Column[ 読みもの ]

日本のワインのこれからを考える 2019

2019年10月25日

ドイツの場合

既存の分野から審査委員を選ぶのではなく、ワインの鑑定を専門の職責とする、ワイン鑑定士の資格を定めている国もあるようです。ソムリエのような「売る人」でもなく、ワインメーカーのような「造る人」でもなく、醸造学者のような「研究する人」でもない、ワインを客観的に評価するための専門的な訓練を受けた人たち。国家試験によって選抜された、鑑定士の資格を持った人たちだけで官能審査をおこなっている国もあるそうです。

ドイツの大きなワイナリーで醸造主任をつとめている日本人の醸造家が来日したとき、ドイツではどのように官能審査をやっているのか、訊ねました。
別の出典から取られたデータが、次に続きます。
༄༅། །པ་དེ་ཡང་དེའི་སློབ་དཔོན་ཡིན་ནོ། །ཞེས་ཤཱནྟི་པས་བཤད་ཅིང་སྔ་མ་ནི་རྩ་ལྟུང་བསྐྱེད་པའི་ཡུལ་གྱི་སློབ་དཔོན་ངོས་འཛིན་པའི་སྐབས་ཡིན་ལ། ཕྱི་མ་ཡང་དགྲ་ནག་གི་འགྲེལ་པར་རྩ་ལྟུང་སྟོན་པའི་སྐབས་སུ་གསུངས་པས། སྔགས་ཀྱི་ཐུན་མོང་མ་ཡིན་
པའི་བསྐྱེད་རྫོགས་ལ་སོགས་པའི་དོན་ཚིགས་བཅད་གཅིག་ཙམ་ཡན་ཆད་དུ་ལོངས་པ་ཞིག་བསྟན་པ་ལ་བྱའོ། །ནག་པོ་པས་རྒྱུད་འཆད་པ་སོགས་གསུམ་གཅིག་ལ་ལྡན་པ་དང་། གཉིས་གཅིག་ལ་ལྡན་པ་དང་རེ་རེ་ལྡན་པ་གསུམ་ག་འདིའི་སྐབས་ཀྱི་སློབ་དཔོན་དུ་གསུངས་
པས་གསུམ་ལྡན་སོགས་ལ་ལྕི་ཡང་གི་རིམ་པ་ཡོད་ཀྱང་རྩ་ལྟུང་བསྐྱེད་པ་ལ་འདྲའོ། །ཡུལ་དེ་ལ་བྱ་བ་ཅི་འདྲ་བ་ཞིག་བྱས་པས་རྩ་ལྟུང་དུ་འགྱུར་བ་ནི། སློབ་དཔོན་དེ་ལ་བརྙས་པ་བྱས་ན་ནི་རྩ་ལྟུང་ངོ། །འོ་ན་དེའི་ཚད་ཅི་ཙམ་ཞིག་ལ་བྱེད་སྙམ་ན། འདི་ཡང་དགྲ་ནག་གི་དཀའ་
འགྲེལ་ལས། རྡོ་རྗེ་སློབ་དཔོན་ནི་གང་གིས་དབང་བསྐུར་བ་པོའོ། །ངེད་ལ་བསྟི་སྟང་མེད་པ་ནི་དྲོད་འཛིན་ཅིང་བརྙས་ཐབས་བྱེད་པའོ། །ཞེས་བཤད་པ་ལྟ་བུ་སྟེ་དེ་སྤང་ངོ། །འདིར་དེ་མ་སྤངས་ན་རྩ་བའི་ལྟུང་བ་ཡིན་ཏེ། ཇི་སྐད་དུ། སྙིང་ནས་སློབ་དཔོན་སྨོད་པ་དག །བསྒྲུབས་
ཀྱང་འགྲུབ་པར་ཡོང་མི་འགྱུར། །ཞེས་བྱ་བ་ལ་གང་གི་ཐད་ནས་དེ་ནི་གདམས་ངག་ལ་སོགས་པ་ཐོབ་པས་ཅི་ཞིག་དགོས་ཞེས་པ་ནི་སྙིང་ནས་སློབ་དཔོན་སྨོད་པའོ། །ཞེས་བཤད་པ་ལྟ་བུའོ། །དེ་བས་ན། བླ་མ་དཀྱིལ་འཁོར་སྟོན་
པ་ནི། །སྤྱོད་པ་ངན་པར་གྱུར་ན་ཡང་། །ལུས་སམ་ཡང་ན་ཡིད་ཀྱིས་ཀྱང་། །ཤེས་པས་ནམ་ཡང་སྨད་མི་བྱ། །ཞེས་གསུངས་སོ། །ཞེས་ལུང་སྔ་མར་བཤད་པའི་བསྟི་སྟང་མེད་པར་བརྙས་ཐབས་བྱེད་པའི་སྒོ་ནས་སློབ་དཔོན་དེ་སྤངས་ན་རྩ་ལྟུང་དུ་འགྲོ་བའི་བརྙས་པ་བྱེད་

すると、ドイツでは専門の鑑定士の資格を定めていて、鑑定士になろうとする人は専門の学校に入って訓練を受けるのだと言っていました。そうした資格を持った人でなければ、官能審査の委員になれない。その選抜は、まずは純粋な官能識別能力試験(食品メーカーなどがやっている、微量の香りを含んだ風を流してそれを感知できるかどうか調べる……というような)をおこない、生まれつき識別能力に優れた人を選び出し、そういう人たちにワインの知識を与え、評価をするための訓練を施すのだそうです。そうして資格を与えられたワイン鑑定士も、60歳になると定年で、資格を失います。どんなに優秀な鑑定士でも、歳を取ると感覚が鈍るから、という理由ですが、さすが、ドイツ人の考えかたは徹底していますね。